Suara.com - Kepala Kantor Wilayah Direktorat Jenderal Pemasyarakatan Daerah Khusus Jakarta Wachid Wibowo mengatakan sebanyak 195 warga binaan di Jakarta dinyatakan bebas pada Senin (17/8/2026).

Mereka langsung bebas setelah mendapatkan remisi umum II (RU II) dalam rangka Hari Ulang Tahun (HUT) ke-81 Republik Indonesia.

Wachid menjelaskan, saat ini terdapat 12.015 warga binaan dan anak binaan di seluruh Jakarta.

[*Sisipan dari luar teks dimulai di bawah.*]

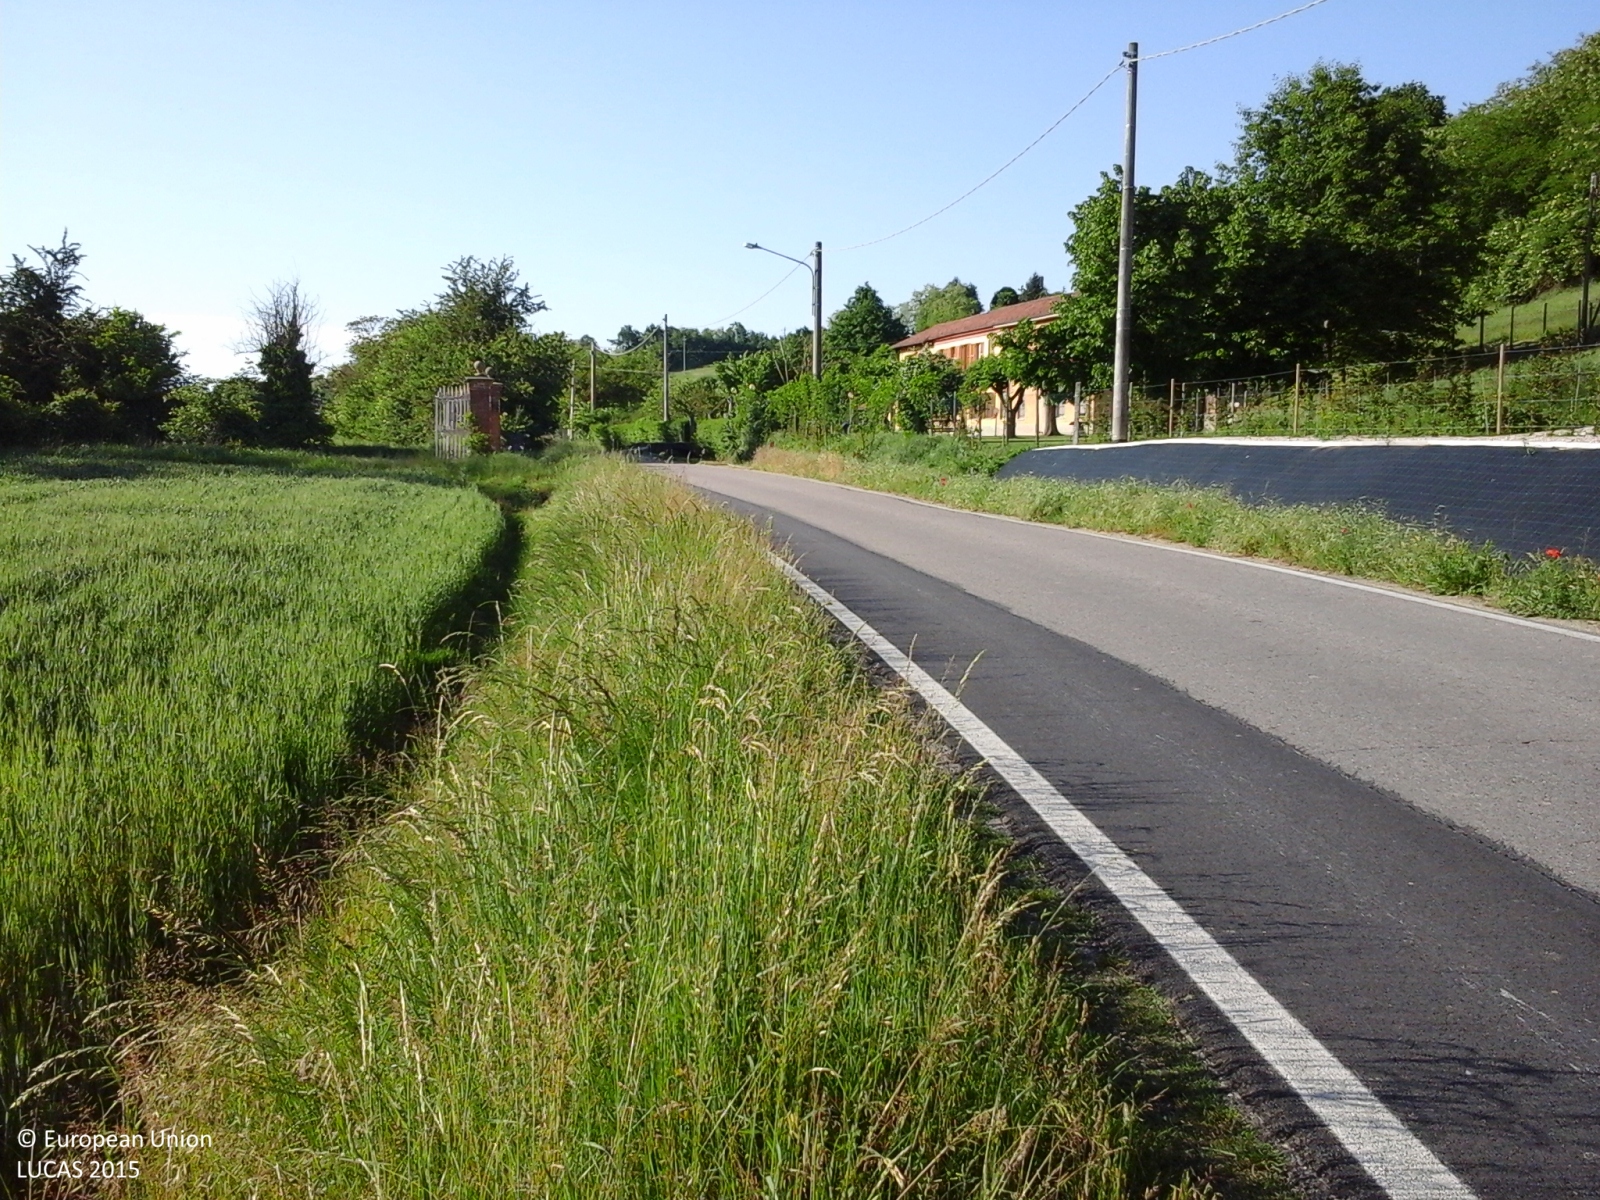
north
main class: Cropland
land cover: Common wheat
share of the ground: > 75 %
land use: Agriculture (excluding fallow land and kitchen gardens)
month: May
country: IT
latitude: 44.9305
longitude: 8.2168
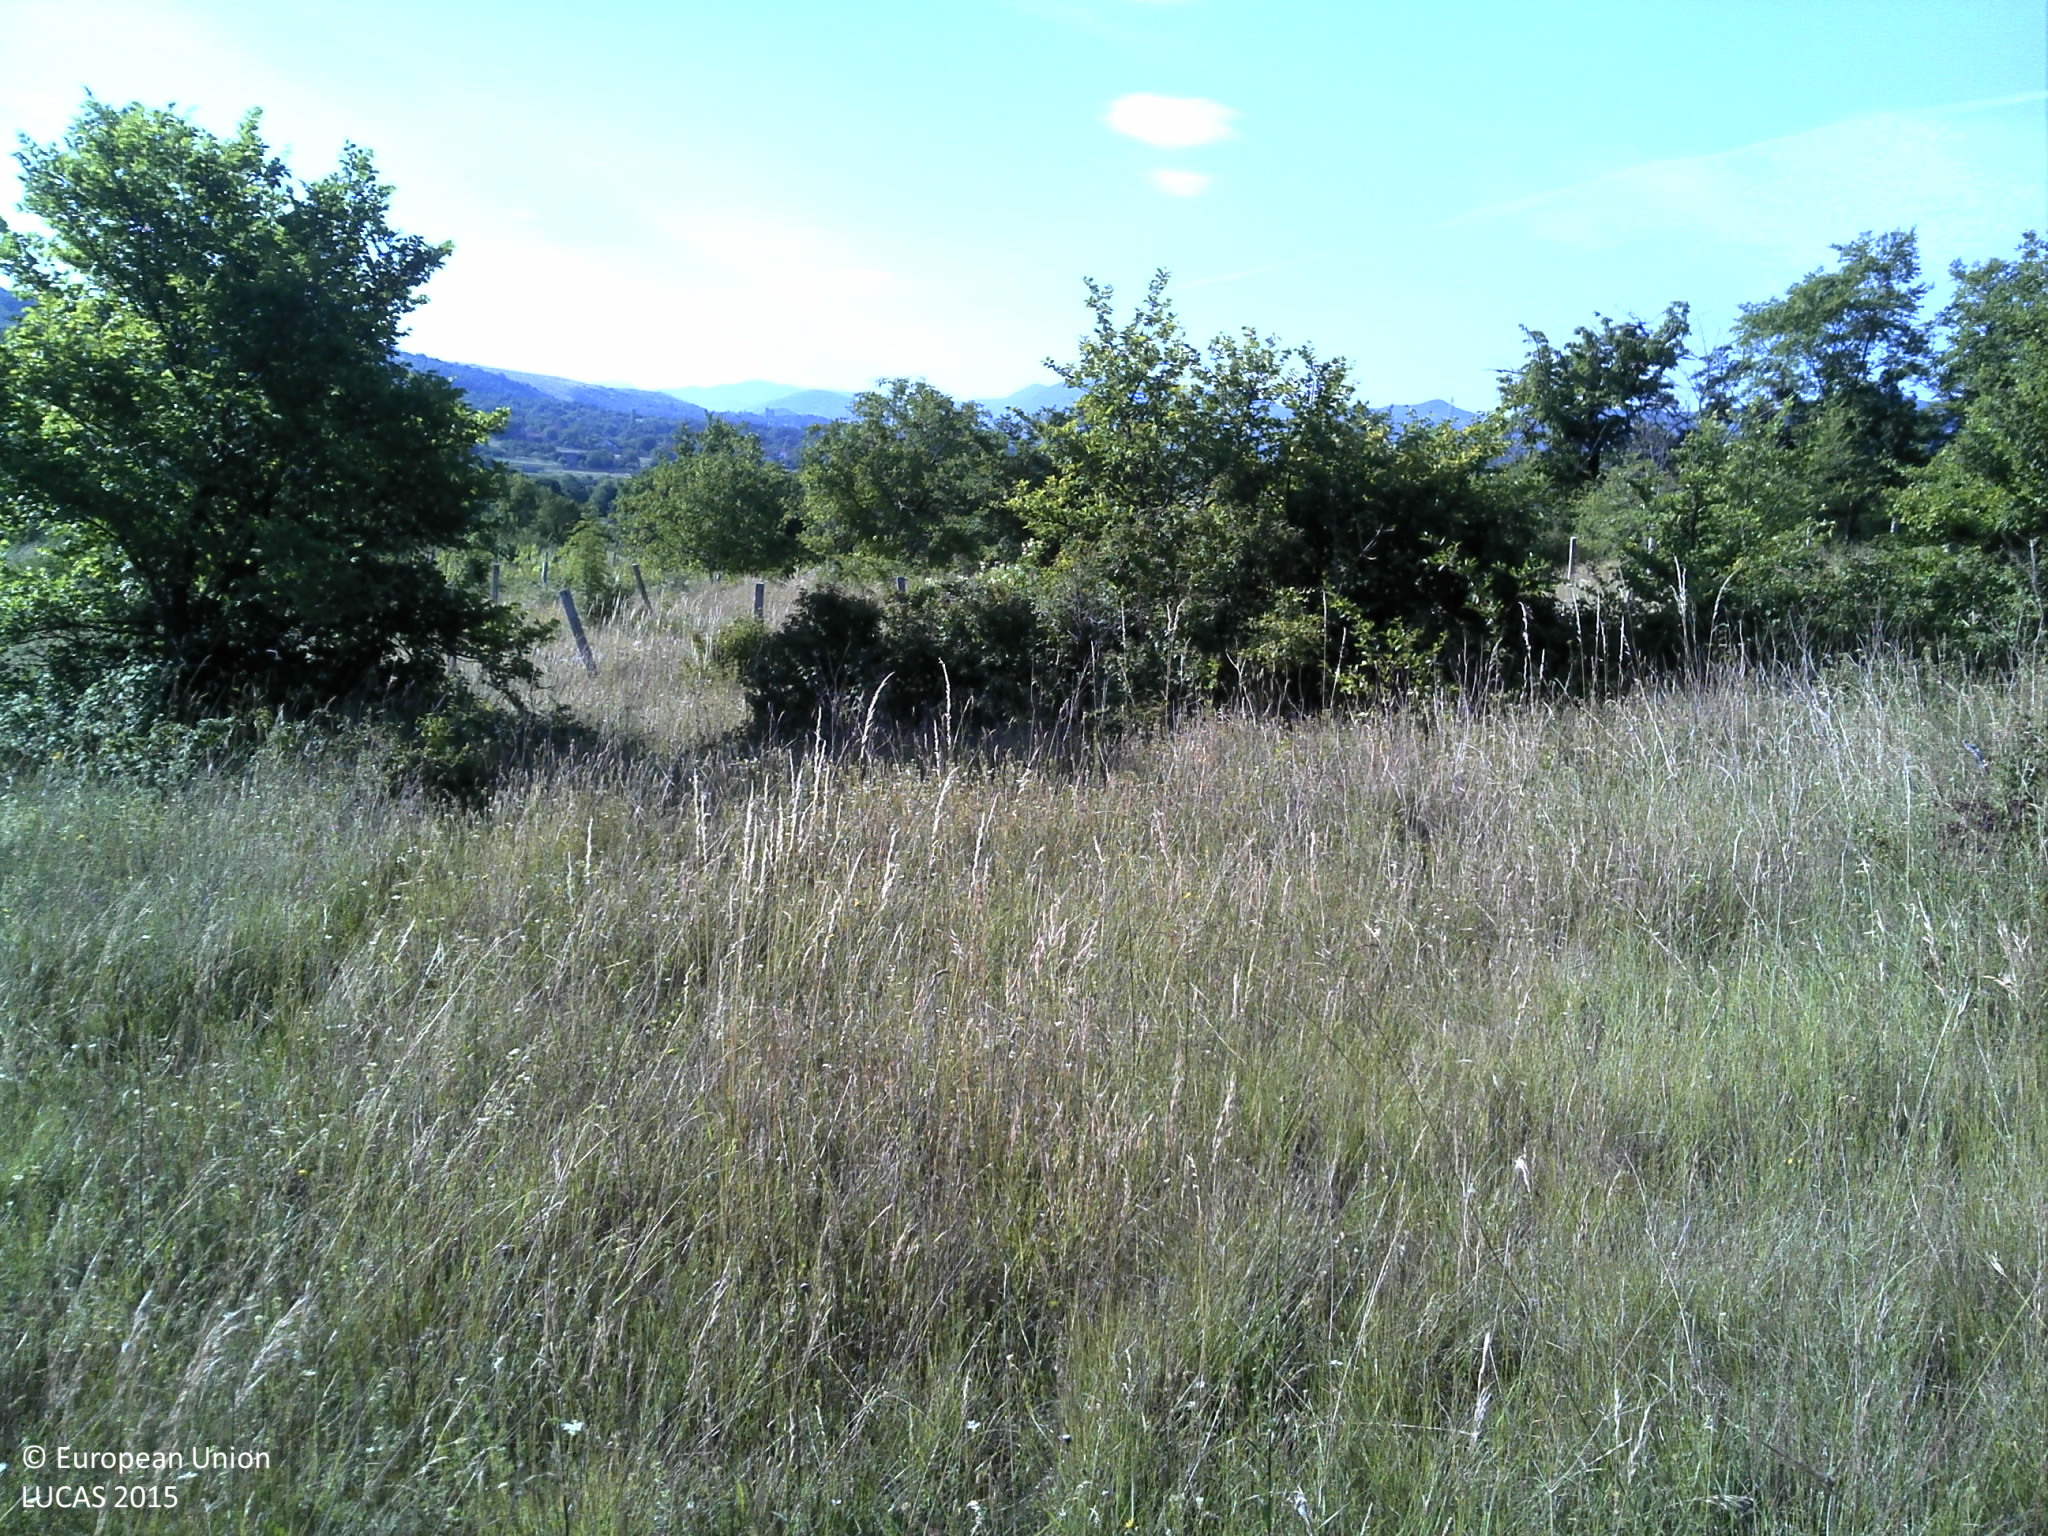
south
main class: Grassland
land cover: Grassland without tree/shrub cover
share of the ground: > 75 %
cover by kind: herbaceous plants 100 %
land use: Agriculture (excluding fallow land and kitchen gardens)
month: July
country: HR
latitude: 43.8546
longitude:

Jumlah tersebut terdiri dari 2.838 tahanan dan 9.138 narapidana.

Selain itu, terdapat anak yang berhadapan dengan hukum, yang terdiri dari empat tahanan dan 35 narapidana.

"Jumlah seluruhnya remisi yang kita usulkan sebanyak 7.555 orang. Remisi yang disetujui sampai dengan saat ini berjumlah 7.555 orang," kata Wachid di Lapas Kelas IIA Salemba, Jakarta Pusat, Senin (17/8/2026).

Dari jumlah tersebut, sebanyak 7.218 warga binaan mendapatkan remisi umum I (RU I), sedangkan 317 lainnya menerima remisi umum II (RU II).

Namun, tidak seluruh penerima RU II dapat langsung menghirup udara bebas pada hari yang sama. Wachid menyebut hanya 195 warga binaan yang langsung bebas.

"Tapi yang bebas langsung 195 orang," ujar Wachid.

Sementara itu, warga binaan penerima RU II lainnya masih harus menjalani pidana pengganti atau subsider berupa kurungan badan.

Baca Juga: Miris! Potret Upacara HUT RI di Tengah Kepungan Karhutla Sumsel

Wachid berpesan kepada warga binaan yang telah bebas agar menerapkan berbagai pembinaan dan pembekalan yang telah diberikan selama menjalani masa pidana.

"Khususnya bagi warga binaan yang hari ini bebas, kami berpesan agar apa yang diberikan oleh petugas terkait hal-hal pembinaan dan juga pembekalan bagi mereka bisa diterapkan," ucapnya.

Ia juga meminta dukungan keluarga dan masyarakat agar para warga binaan yang telah bebas dapat kembali bersosialisasi dan berinteraksi secara baik di lingkungan mereka.

"Kami juga mohon dukungan kepada semua pihak, baik keluarga maupun masyarakat, agar mereka juga diberikan kesempatan untuk bersosialisasi, berinteraksi, dan juga bisa dapat bermanfaat, baik bagi diri sendiri, keluarga, maupun bagi negara," tandas Wachid.